Vor allem der Konflikt um die Unabhängigkeitsbestrebungen in der nordöstlichen Provinz Katalonien hat der rechten "Vox" Rückenwind gegeben. Nach Umfragen könnte sie am Sonntag elf Prozent erreichen. Über Spanien schwappt eine Welle des Nationalismus hinweg, glaubt der Politikwissenschaftler Jose Ignacio Torreblanca vom "European Council on Foreign Affairs", einer Denkfabrik in Madrid. "Dahinter stecken Stolz und Gefühl, mehr als rationale Überlegungen. Denn praktisch hat die Politik, die Vox vorschlägt, keinen Sinn. Sie ist ein Sammelsurium, aber die Wähler kümmert das wenig. Wenn sie zu Vox gehen, folgen sie Gefühlen."

Die Krise rund um Katalonien hat seit dem Unabhängigkeitsreferendum 2017 und der folgenden zentralen Verwaltung durch Madrid zu einer tiefen Spaltung zwischen dem linken und rechten Lager geführt, die aber beide für sich genommen keine Mehrheit erwarten können, wenn die Umfragen stimmen. "Die Sozialisten haben eine eher nachsichtige Politik für Katalonien betrieben. Die Konservativen werben mehr für eine harte Haltung", meint PolitikwissenschaftlerJose Ignacio Torreblanca. "Bei der Wahl geht es also darum, ob man die Regierung in Katalonien stärkt, um Wähler, die für eine Abspaltung sind, zurückzugewinnen. Oder es geht darum, die zentrale Kontrolle zu verstärken und die Separatisten in Katalonien dafür zu bestrafen, dass sie ein illegales Referendum abgehalten haben."
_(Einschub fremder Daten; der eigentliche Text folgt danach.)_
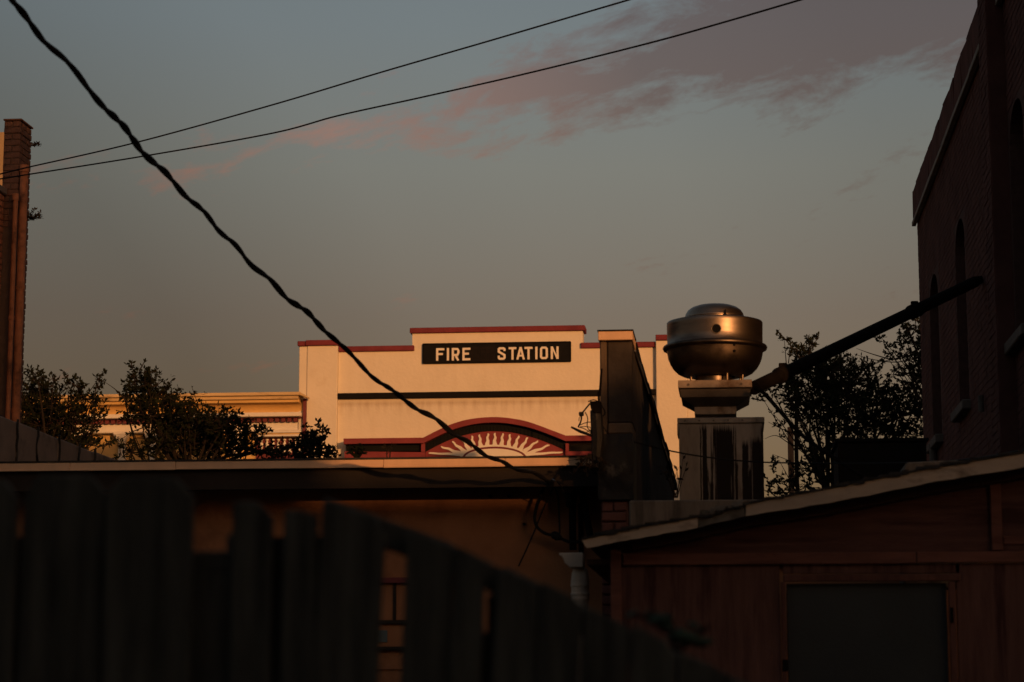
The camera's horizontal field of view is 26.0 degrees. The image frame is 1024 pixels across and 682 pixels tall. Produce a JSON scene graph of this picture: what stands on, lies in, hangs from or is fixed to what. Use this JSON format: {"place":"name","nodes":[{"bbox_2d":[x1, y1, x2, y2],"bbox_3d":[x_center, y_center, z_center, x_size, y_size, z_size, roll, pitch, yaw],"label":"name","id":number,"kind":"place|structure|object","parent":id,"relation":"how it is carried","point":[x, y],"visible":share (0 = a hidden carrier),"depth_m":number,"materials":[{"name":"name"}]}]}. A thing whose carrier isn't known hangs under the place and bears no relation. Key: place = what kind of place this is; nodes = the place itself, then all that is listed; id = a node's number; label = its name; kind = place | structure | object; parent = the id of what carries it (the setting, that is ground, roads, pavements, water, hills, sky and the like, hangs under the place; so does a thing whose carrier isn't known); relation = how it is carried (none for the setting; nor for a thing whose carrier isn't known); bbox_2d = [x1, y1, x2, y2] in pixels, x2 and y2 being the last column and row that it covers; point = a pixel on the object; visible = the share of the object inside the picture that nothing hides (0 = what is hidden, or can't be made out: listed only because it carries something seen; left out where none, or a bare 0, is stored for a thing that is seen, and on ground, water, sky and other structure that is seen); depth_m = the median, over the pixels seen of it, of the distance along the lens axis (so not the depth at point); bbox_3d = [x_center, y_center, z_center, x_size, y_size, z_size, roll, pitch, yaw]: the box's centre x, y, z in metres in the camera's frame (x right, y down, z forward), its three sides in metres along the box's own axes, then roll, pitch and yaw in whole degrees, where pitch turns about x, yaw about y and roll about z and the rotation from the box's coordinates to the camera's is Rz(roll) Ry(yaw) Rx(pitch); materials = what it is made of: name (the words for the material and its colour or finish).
{"place":"outdoors","nodes":[
{"label":"outdoors","id":0,"kind":"place"},
{"bbox_2d":[21,392,309,459],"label":"ornate building","id":1,"kind":"structure","parent":0,"point":[279,413],"depth_m":45.93,"materials":[{"name":"yellow paint"}]},
{"bbox_2d":[0,0,976,497],"label":"sky","id":2,"kind":"structure","parent":0,"point":[766,165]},
{"bbox_2d":[629,499,1023,681],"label":"kitchen block","id":3,"kind":"structure","parent":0,"point":[642,511],"depth_m":15.96,"materials":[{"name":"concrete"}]},
{"bbox_2d":[659,455,688,497],"bbox_3d":[1.248,1.044,17.227,0.253,0.356,0.235,-1,-9,6],"label":"weed","id":4,"kind":"object","parent":3,"relation":"on","point":[673,482],"visible":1,"depth_m":17.18,"materials":[{"name":"green plant"}]},
{"bbox_2d":[677,417,764,499],"bbox_3d":[1.731,1.173,18.298,0.708,1.008,0.712,-1,-9,6],"label":"exhaust duct","id":5,"kind":"object","parent":3,"relation":"on","point":[737,438],"visible":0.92,"depth_m":17.99,"materials":[{"name":"metal"}]},
{"bbox_2d":[663,303,766,417],"bbox_3d":[1.690,0.162,18.465,0.870,0.940,0.870,-1,-9,6],"label":"exhaust fan","id":6,"kind":"object","parent":5,"relation":"on","point":[713,350],"visible":1,"depth_m":18.17,"materials":[{"name":"metal"}]},
{"bbox_2d":[754,386,866,478],"bbox_3d":[2.377,0.749,17.186,0.123,1.004,1.661,5,-10,-29],"label":"conduit","id":7,"kind":"object","parent":6,"relation":"attached to","point":[800,433],"visible":0.84,"depth_m":17.37,"materials":[{"name":"black metal"}]},
{"bbox_2d":[831,438,928,483],"bbox_3d":[2.889,1.174,17.430,0.712,0.734,0.840,-1,-9,6],"label":"rooftop unit","id":8,"kind":"object","parent":3,"relation":"on","point":[847,450],"visible":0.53,"depth_m":17.07,"materials":[{"name":"black metal"}]},
{"bbox_2d":[899,460,965,589],"bbox_3d":[2.914,1.267,15.225,0.494,0.861,0.500,-1,-9,6],"label":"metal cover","id":9,"kind":"object","parent":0,"point":[910,465],"visible":0.12,"depth_m":15.04,"materials":[{"name":"metal"}]},
{"bbox_2d":[912,0,1023,460],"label":"brick hall","id":10,"kind":"structure","parent":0,"point":[968,203],"depth_m":23.19,"materials":[{"name":"brown brick"}]},
{"bbox_2d":[750,276,982,394],"bbox_3d":[3.445,-0.121,20.623,0.144,1.867,5.498,-6,-11,32],"label":"slanted pipe","id":11,"kind":"object","parent":10,"relation":"attached to","point":[782,373],"visible":0.97,"depth_m":20.05,"materials":[{"name":"metal"}]},
{"bbox_2d":[926,434,942,453],"bbox_3d":[5.479,0.281,28.322,0.342,2.194,1.445,-1,-9,6],"label":"window sill","id":12,"kind":"structure","parent":10,"relation":"in","point":[937,440],"depth_m":27.70,"materials":[{"name":"grey concrete"}]},
{"bbox_2d":[950,399,970,422],"bbox_3d":[5.144,-0.245,25.006,0.342,2.192,1.294,-1,-9,6],"label":"window sill","id":13,"kind":"structure","parent":10,"relation":"in","point":[964,406],"depth_m":24.60,"materials":[{"name":"grey concrete"}]},
{"bbox_2d":[1004,323,1023,354],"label":"window sill","id":14,"kind":"structure","parent":10,"relation":"in","point":[1015,342],"depth_m":19.77,"materials":[{"name":"grey concrete"}]},
{"label":"ground","id":15,"kind":"structure","parent":0,"visible":0},
{"bbox_2d":[0,118,32,422],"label":"brick building","id":16,"kind":"structure","parent":15,"relation":"on","point":[15,143],"depth_m":26.17,"materials":[{"name":"brick"}]},
{"bbox_2d":[27,207,42,220],"bbox_3d":[-5.736,-1.527,26.680,0.212,0.118,0.404,2,-9,-12],"label":"weed","id":17,"kind":"object","parent":16,"relation":"on","point":[31,217],"visible":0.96,"depth_m":26.62,"materials":[{"name":"green plant"}]},
{"bbox_2d":[31,141,39,146],"bbox_3d":[-5.767,-2.387,26.876,0.150,0.078,0.140,-1,-9,6],"label":"weed","id":18,"kind":"object","parent":16,"relation":"attached to","point":[34,144],"visible":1,"depth_m":26.86,"materials":[{"name":"green plant"}]},
{"bbox_2d":[0,0,629,174],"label":"power line","id":19,"kind":"object","parent":16,"relation":"attached to","point":[331,86],"visible":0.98,"depth_m":22.18,"materials":[{"name":"rubber"}]},
{"bbox_2d":[0,0,801,179],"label":"power line","id":20,"kind":"object","parent":16,"relation":"attached to","point":[757,12],"visible":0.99,"depth_m":20.95,"materials":[{"name":"rubber"}]},
{"bbox_2d":[21,364,119,453],"bbox_3d":[-6.776,3.481,32.810,1.960,6.396,1.733,-1,-9,6],"label":"leafy tree","id":21,"kind":"object","parent":15,"relation":"on","point":[48,418],"visible":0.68,"depth_m":32.97,"materials":[{"name":"green plant"}]},
{"bbox_2d":[105,358,300,459],"bbox_3d":[-4.674,3.468,33.575,2.994,6.668,1.861,-1,-9,6],"label":"leafy tree","id":22,"kind":"object","parent":15,"relation":"on","point":[204,437],"visible":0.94,"depth_m":33.61,"materials":[{"name":"green plant"}]},
{"bbox_2d":[0,455,601,681],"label":"annex","id":23,"kind":"object","parent":15,"relation":"on","point":[482,507],"visible":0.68,"depth_m":17.48,"materials":[{"name":"paint"}]},
{"bbox_2d":[0,416,114,460],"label":"parapet wall","id":24,"kind":"structure","parent":23,"relation":"on","point":[20,441],"depth_m":18.97,"materials":[{"name":"concrete"}]},
{"bbox_2d":[9,0,571,502],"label":"service cable","id":25,"kind":"object","parent":23,"relation":"attached to","point":[111,114],"visible":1,"depth_m":13.68,"materials":[{"name":"rubber"}]},
{"bbox_2d":[345,443,367,457],"bbox_3d":[-1.230,0.868,17.590,0.193,0.120,0.193,-1,-9,6],"label":"weed","id":26,"kind":"object","parent":23,"relation":"on","point":[357,452],"visible":0.97,"depth_m":17.56,"materials":[{"name":"green plant"}]},
{"bbox_2d":[381,443,396,456],"bbox_3d":[-0.977,0.863,17.580,0.136,0.125,0.050,7,-11,-38],"label":"weed","id":27,"kind":"object","parent":23,"relation":"on","point":[383,446],"visible":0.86,"depth_m":17.57,"materials":[{"name":"green plant"}]},
{"bbox_2d":[379,577,452,669],"bbox_3d":[-0.931,2.224,17.460,1.177,0.720,0.067,-1,-9,6],"label":"boarded window","id":28,"kind":"structure","parent":23,"relation":"in","point":[393,587],"depth_m":17.47,"materials":[{"name":"brown wood"}]},
{"bbox_2d":[518,487,553,565],"bbox_3d":[0.190,1.448,17.354,0.290,0.629,0.012,-1,-9,6],"label":"drop wire","id":29,"kind":"object","parent":23,"relation":"hanging from","point":[535,527],"visible":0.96,"depth_m":17.35,"materials":[{"name":"rubber"}]},
{"bbox_2d":[533,487,580,543],"bbox_3d":[0.351,1.330,17.356,0.374,0.517,0.025,-1,-9,6],"label":"drop wire","id":30,"kind":"object","parent":23,"relation":"hanging from","point":[538,528],"visible":0.87,"depth_m":17.35,"materials":[{"name":"rubber"}]},
{"bbox_2d":[551,531,561,540],"bbox_3d":[0.347,1.522,17.326,0.094,0.074,0.066,-1,-9,6],"label":"cable splice","id":31,"kind":"object","parent":30,"relation":"attached to","point":[556,536],"visible":1,"depth_m":17.30,"materials":[{"name":"rubber"}]},
{"bbox_2d":[566,487,593,553],"bbox_3d":[0.524,1.579,17.350,0.222,0.867,0.133,1,-9,-7],"label":"service mast","id":32,"kind":"object","parent":23,"relation":"attached to","point":[583,511],"visible":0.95,"depth_m":17.35,"materials":[{"name":"black metal"}]},
{"bbox_2d":[288,417,340,457],"bbox_3d":[-2.821,3.740,31.214,0.764,5.382,1.380,1,-9,-7],"label":"young tree","id":33,"kind":"object","parent":15,"relation":"on","point":[307,443],"visible":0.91,"depth_m":31.23,"materials":[{"name":"green plant"}]},
{"bbox_2d":[0,475,743,681],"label":"wooden fence","id":34,"kind":"object","parent":15,"relation":"on","point":[121,580],"visible":1,"depth_m":3.80,"materials":[{"name":"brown wood"}]},
{"bbox_2d":[297,325,694,499],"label":"fire station","id":35,"kind":"object","parent":15,"relation":"on","point":[513,391],"visible":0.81,"depth_m":45.68,"materials":[{"name":"paint"}]},
{"bbox_2d":[597,329,676,617],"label":"party wall","id":36,"kind":"structure","parent":15,"relation":"on","point":[633,471],"depth_m":16.91,"materials":[{"name":"brick"}]},
{"bbox_2d":[567,454,609,485],"bbox_3d":[0.585,0.972,16.739,0.339,0.247,0.326,-1,-9,6],"label":"weed","id":37,"kind":"object","parent":36,"relation":"attached to","point":[580,464],"visible":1,"depth_m":16.72,"materials":[{"name":"green plant"}]},
{"bbox_2d":[571,369,606,467],"bbox_3d":[0.581,0.584,16.800,0.274,0.754,0.100,-1,-9,6],"label":"wiring bracket","id":38,"kind":"object","parent":36,"relation":"attached to","point":[597,428],"visible":1,"depth_m":16.75,"materials":[{"name":"metal"},{"name":"rubber"}]},
{"bbox_2d":[634,441,1018,463],"bbox_3d":[2.411,0.798,15.868,3.389,0.320,1.070,-9,-12,43],"label":"thin wire","id":39,"kind":"object","parent":36,"relation":"attached to","point":[801,462],"visible":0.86,"depth_m":16.67,"materials":[{"name":"rubber"}]},
{"bbox_2d":[626,610,714,651],"bbox_3d":[0.282,1.292,3.834,0.160,1.647,0.065,-1,-9,6],"label":"vine","id":40,"kind":"object","parent":15,"relation":"on","point":[683,638],"visible":0.94,"depth_m":3.95,"materials":[{"name":"green plant"}]},
{"bbox_2d":[787,427,794,493],"bbox_3d":[5.020,4.628,39.521,0.107,6.224,0.120,-1,-9,6],"label":"wooden post","id":41,"kind":"object","parent":15,"relation":"on","point":[791,452],"visible":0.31,"depth_m":39.87,"materials":[{"name":"brown wood"}]},
{"bbox_2d":[775,329,826,489],"bbox_3d":[4.915,3.498,36.994,0.908,7.666,1.170,-1,-9,6],"label":"young tree","id":42,"kind":"object","parent":15,"relation":"on","point":[809,339],"visible":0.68,"depth_m":37.39,"materials":[{"name":"green plant"}]},
{"bbox_2d":[582,449,1023,681],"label":"shed","id":43,"kind":"structure","parent":15,"relation":"on","point":[715,569],"depth_m":11.82,"materials":[{"name":"red wood"}]},
{"bbox_2d":[559,553,589,681],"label":"downspout","id":44,"kind":"object","parent":43,"relation":"attached to","point":[580,584],"visible":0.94,"depth_m":12.22,"materials":[{"name":"grey metal"}]},
{"bbox_2d":[781,574,959,681],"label":"door frame","id":45,"kind":"structure","parent":43,"relation":"in","point":[855,632],"depth_m":11.80,"materials":[{"name":"red wood"}]},
{"bbox_2d":[751,347,922,495],"bbox_3d":[5.399,3.531,35.480,3.092,7.140,2.242,-1,-9,6],"label":"leafy tree","id":46,"kind":"object","parent":15,"relation":"on","point":[834,385],"visible":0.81,"depth_m":35.75,"materials":[{"name":"green plant"}]},
{"bbox_2d":[855,317,922,403],"bbox_3d":[6.316,3.205,34.379,1.595,7.435,1.107,8,-12,-41],"label":"leafy tree","id":47,"kind":"object","parent":15,"relation":"on","point":[915,354],"visible":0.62,"depth_m":34.78,"materials":[{"name":"green plant"}]}
]}

Entsorgen? Oder wiederwählen? Premier Sanchez wirbt am Müllcontainer mit "Mach' es möglich!"Bild: picture-alliance/AP Photo/P. White

Links und rechts blockieren sich

Die Katalonien-Frage wird laut Wahlforschern die Wahl entscheiden, nicht etwa die nach wie vor nicht überwundene Wirtschaftskrise. Spanien hatte 2009 bis 2013 eine Banken- und Immobilienkrise erlebt. Die Wirtschaft wächst zwar wieder, aber die Arbeitslosigkeit liegt mit 13,9 Prozent noch weit über dem EU-Durchschnitt. Die Regionalparteien aus Katalonien könnten das Zünglein an der Waage werden, wenn es an die Regierungsbildung geht. Sozialist Sanchez hatte mit ihrer Hilfe per Misstrauensvotum den konservativen Ministerpräsidenten Rajoy gestürzt. Doch in diesem Frühjahr verweigerten die katalanischen Splitterparteien Sanchez die Zustimmung zum Haushalt, was wiederum zu den Neuwahlen am Sonntag führte. Der Chef der eher gemäßigten katalanischen Partei (ERC), Oriol Junqueras, sitzt in Madrid im Untersuchungs-Gefängnis, von wo aus er den Wahlkampf organisiert. Er ist wegen des Unabhängigkeitsreferendums angeklagt, würde aber wohl weiter mit den Sozialisten eine Koalition eingehen.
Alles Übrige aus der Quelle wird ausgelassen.